Now, we can have two buttons in the document, each to get permissions and start the streams from webcam and screen.

document.querySelector('#startScreen').addEventListener('click', async (e) => {
  const stream = await navigator.mediaDevices.getDisplayMedia({
    video: {
      displaySurface: 'monitor',
    },
  });

  e.target.disabled = true;

  screenVideoStream = stream;

  if (camVideoStream) {
    startRecording();
  }
});

document.querySelector('#startCam').addEventListener('click', async (e) => {
  const stream = await navigator.mediaDevices.getUserMedia({
    video: {
      width: {
        min: 1280,
      },
      height: {
        min: 720,
      },
    },
  });

  e.target.disabled = true;

  camVideoStream = stream;

  if (screenVideoStream) {
    startRecording();
  }
});

Now, we can create the startRecording function.

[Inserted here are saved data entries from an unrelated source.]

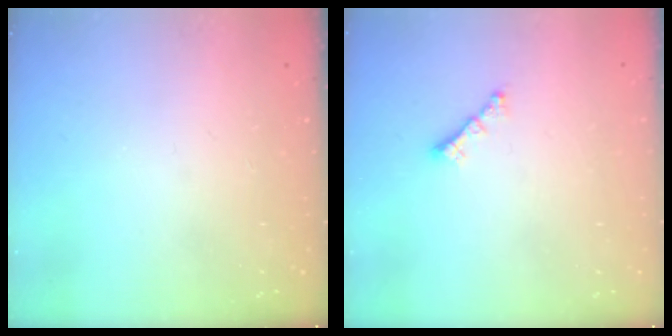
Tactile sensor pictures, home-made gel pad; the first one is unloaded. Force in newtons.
{"total": 1.8, "press": 1.7, "slide": 0.5}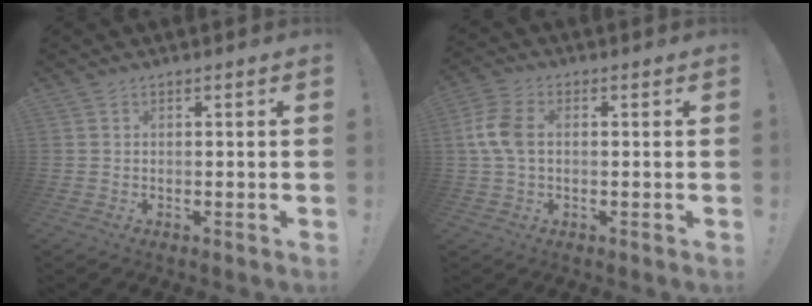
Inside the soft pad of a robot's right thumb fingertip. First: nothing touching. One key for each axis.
{"total": 8.3, "fx": 0.5, "fy": 5.1, "fz": 6.5, "tx": -0.148, "ty": 0.004, "tz": 0.011}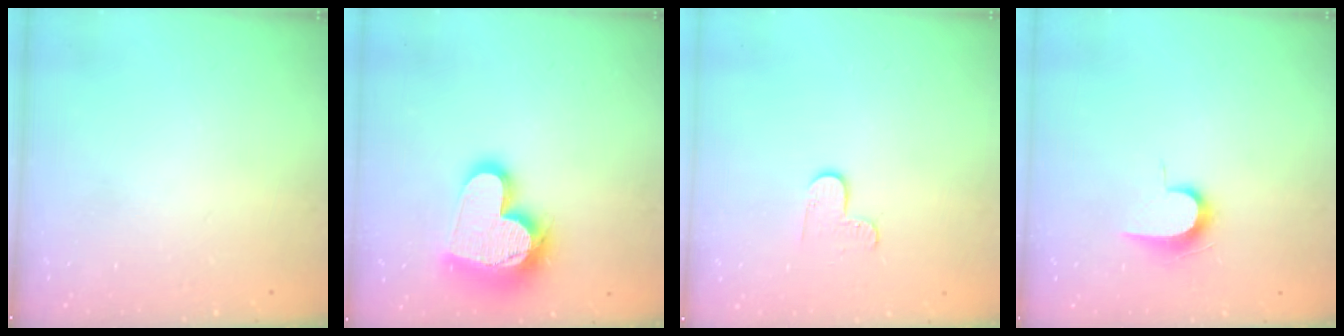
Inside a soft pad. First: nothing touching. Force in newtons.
{"total": 17.9, "press": 17.8, "slide": 1.7}
{"total": 4.7, "press": 4.7, "slide": 0.4}
{"total": 7.2, "press": 7.1, "slide": 0.7}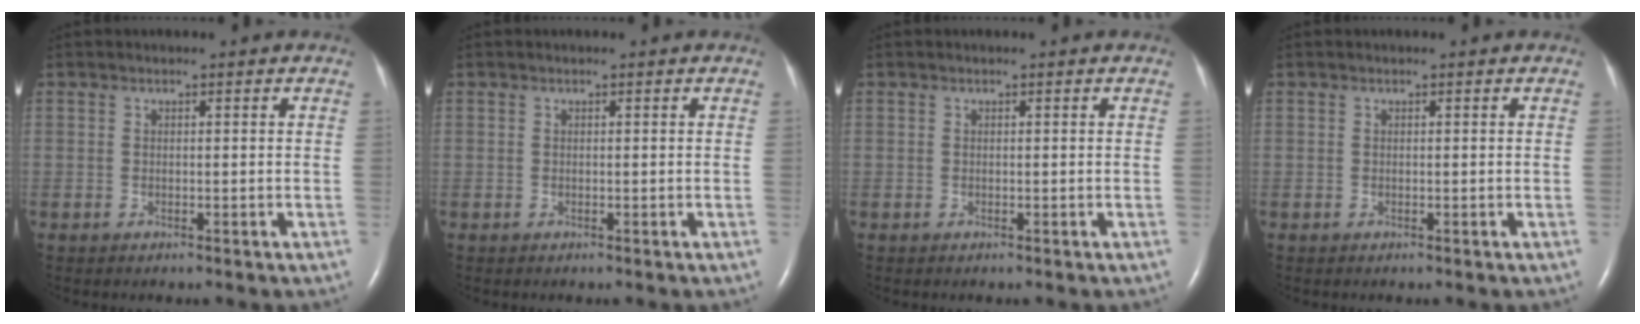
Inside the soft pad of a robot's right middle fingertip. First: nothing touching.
{"total": 0.0}
{"total": 0.0}
{"total": 0.0}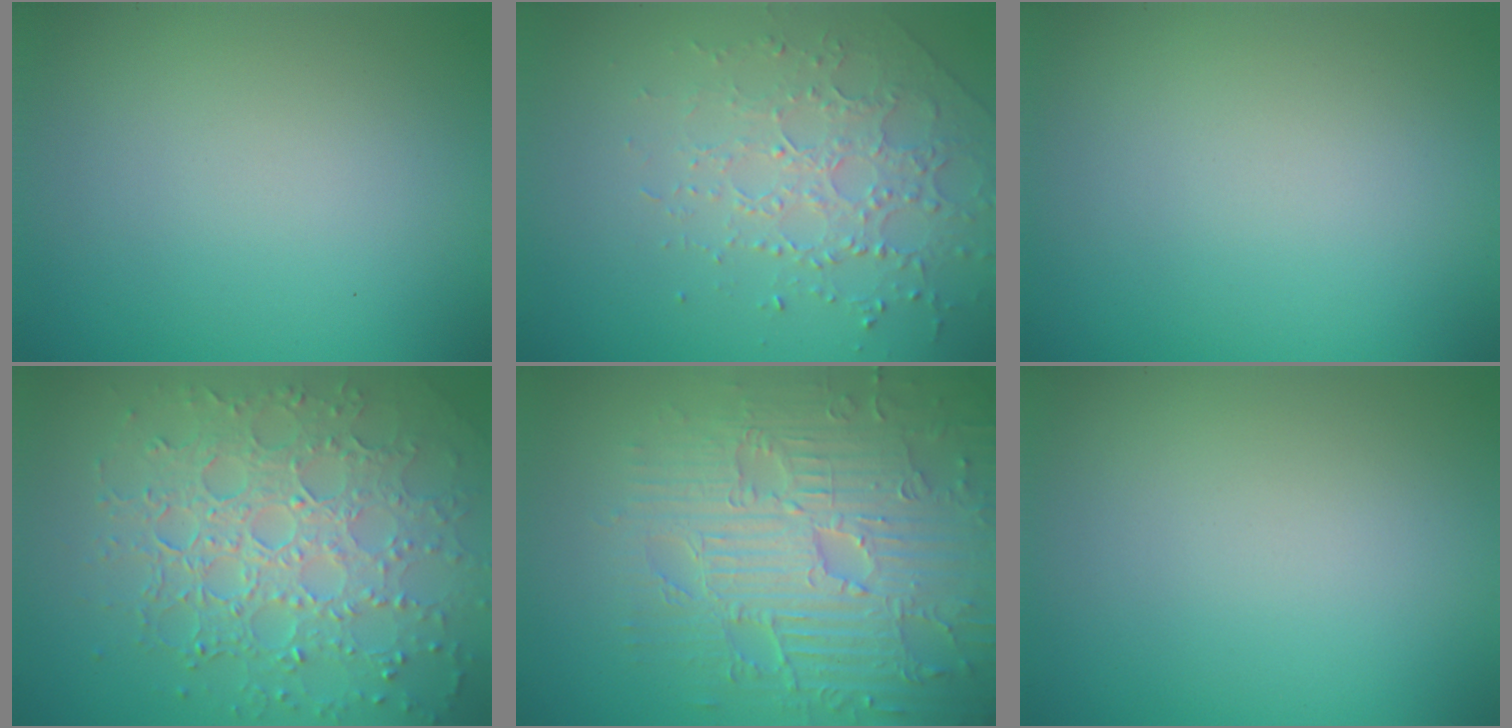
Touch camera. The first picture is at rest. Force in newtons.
{"total": 2.6, "press": 2.4, "slide": 1.1}
{"total": 0.0}
{"total": 8.1, "press": 5.7, "slide": 5.8}
{"total": 9.0, "press": 6.5, "slide": 6.2}
{"total": 0.0}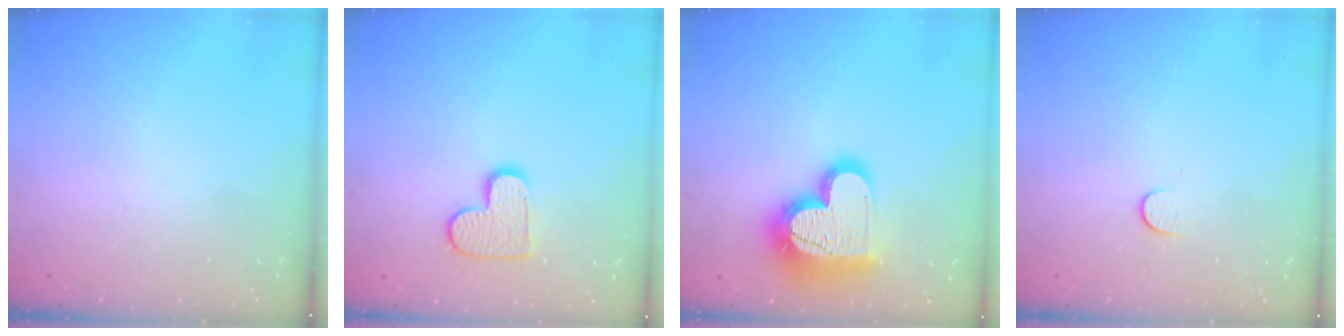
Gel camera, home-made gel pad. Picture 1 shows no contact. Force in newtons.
{"total": 9.8, "press": 9.8, "slide": 0.6}
{"total": 21.0, "press": 21.0, "slide": 1.7}
{"total": 5.0, "press": 5.0, "slide": 0.5}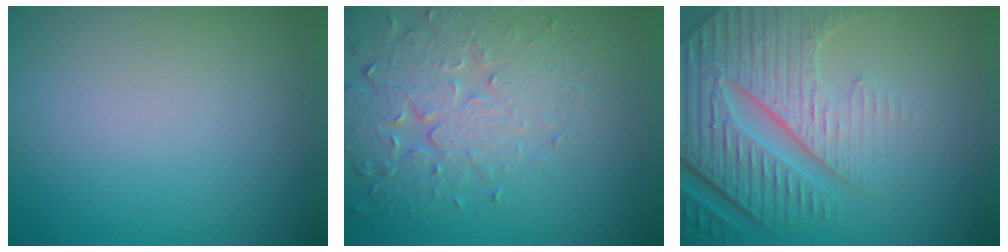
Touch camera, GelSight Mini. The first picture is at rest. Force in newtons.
{"total": 4.6, "press": 4.5, "slide": 1.1}
{"total": 8.7, "press": 6.1, "slide": 6.1}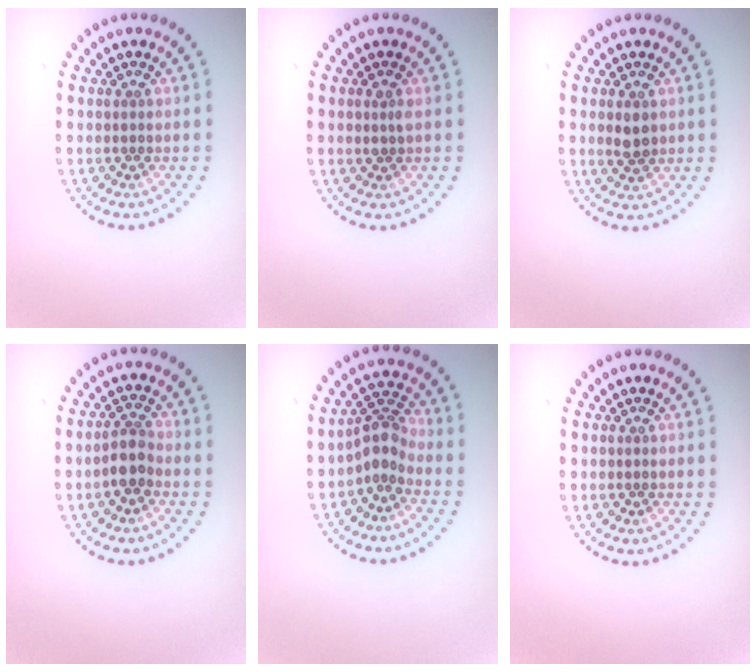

function startRecording() {
  const screenVideo = document.createElement('video');
  screenVideo.srcObject = screenVideoStream;

  // Getting the dimensions of the stream
  const screenVideoStreamWidth = screenVideoStream
    .getVideoTracks()[0]
    .getSettings().width;
  const screenVideoStreamHeight = screenVideoStream
    .getVideoTracks()[0]
    .getSettings().height;

  const camVideo = document.createElement('video');
  camVideo.srcObject = camVideoStream;

  // Getting the dimension of the stream
  const camVideoStreamWidth = camVideoStream
    .getVideoTracks()[0]
    .getSettings().width;
  const camVideoStreamHeight = camVideoStream
    .getVideoTracks()[0]
    .getSettings().height;

  screenVideo.play();
  camVideo.play();

  // Calculating the dimensions of our canvas where we'll place the videos side by side
  let width = camVideoStreamWidth + screenVideoStreamWidth + 2,
    height = Math.max(camVideoStreamHeight, screenVideoStreamHeight);

  const canvas = document.createElement('canvas');
  canvas.width = width;
  canvas.height = height;
  const ctx = canvas.getContext('2d');

  const interval = setInterval(() => {
    // Drawing the videos at their desired positions
    // You can also put text here(like timestamp etc.) on the video(or anything else that the canvas supports)
    ctx.drawImage(
      screenVideo,
      0,
      0,
      screenVideoStreamWidth,
      screenVideoStreamHeight
    );
    ctx.drawImage(
      camVideo,
      screenVideoStreamWidth + 2,
      0,
      camVideoStreamWidth,
      camVideoStreamHeight
    );
    // 30 fps
  }, 1000 / 30);

  const recorder = new MediaRecorder(canvas.captureStream(30), options);

  recorder.ondataavailable = (e) => {
    chunks.push(e.data);
  };

  recorder.onstop = (e) => {
    const blob = new Blob(chunks, { type: 'video/webm' });
    const url = URL.createObjectURL(blob);
    const a = document.createElement('a');
    a.href = url;
    a.download = 'combined.webm';
    a.click();
  };

  // Creating chunks of 1 second each
  recorder.start(1000);

  // Stopping the recording after 10 seconds
  setTimeout(() => {
    camVideo.pause();
    screenVideo.pause();
    camVideoStream.getTracks().forEach((track) => track.stop());
    screenVideoStream.getTracks().forEach((track) => track.stop());
    clearInterval(intverval);
    recorder.stop();
  }, 10000);
}

Here's how the output looks like. (This is a single frame from the video output)

And there we have it.

This was a lot of fun to figure out and I have a ton of useful ideas that I can use this in.

I'll have more canvas adventure in the future.